Patient 2, now aged 3, was conceived by in vitro fertilization using the parent's gametes. Although macrocephaly was diagnosed prenatally, no alteration was evident at birth. However, she had axial hypotonia, “doughy skin,” and hydrocephalus, which had not been operated on. In addition, mild laryngomalacia was diagnosed during the neonatal period. At the age of 7 months, the patient was admitted to the hospital for an assessment of neurological development, which revealed a delay. Brain MRI at 17 months of age revealed extensive areas of biparietal, posterior bitemporal, and left posterior insular pachygyria with probable associated dysplastic changes (loss of gray–white matter differentiation) (Figure 1d–f). Furthermore, opercular pachygyria was detected in the left frontal area, along with a few foci of periventricular cortical pachygyria and a diffuse increase in corpus callosum volume. Axial hypotonia was also assessed, revealing hyperlaxity of the joints. Further physical examination at 18 months of age showed subtle reticulated telangiectatic CM without atrophy in both legs (Figure 2g,h). No other anomalies were observed, such as sandal gap, syndactyly/polydactyly, macrodactyly, or apparent asymmetric growth. Although no obvious CM is currently detectable in the forehead or philtrum, photographs of the patient as a newborn, provided by the patient's family, revealed that a faint CM was visible in the philtrum previously. Despite a prolonged period without a definitive diagnosis, she was ultimately diagnosed with macrocephaly-capillary malformation syndrome (MCAP). In the recent evaluation of the patient at 3 years of age, the reticulated CM was found to be more marked, especially in the posterior region of the legs (Figure 2i–l).

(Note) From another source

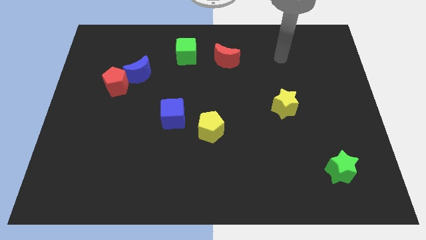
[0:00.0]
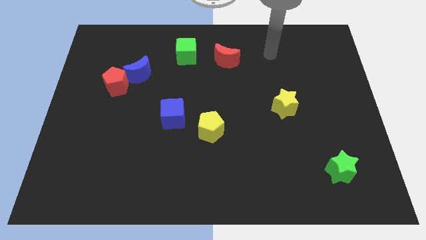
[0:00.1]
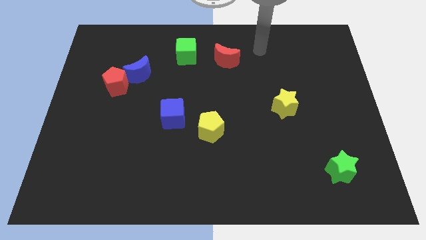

The patient suffers from multiple episodes of epilepsy, the first of which occurred at just 17 days of age, leading to hospitalizations due to the difficulties in managing the epileptic seizures, which were also associated with cardiorespiratory arrest. The parents are now equipped with a manual resuscitator and trained in cardiopulmonary resuscitation procedures. The patient is currently being treated with zonisamide, clobazam, and lacosamide and is under medical care in a specialized epilepsy unit. The introduction of a ketogenic diet has recently contributed to improved seizure management. Hypothyroidism, diagnosed at the age of 6 months, is now treated with levothyroxine (25 mcg).

A genetic study of a DNA sample from the CM-affected skin was performed and revealed the presence of a pathogenic variant in the AKT3 gene (NM_005465.7): c.863C>T; T288I with a VAF of 14.31% (101/766). Variants in the PIK3CA gene were not detected.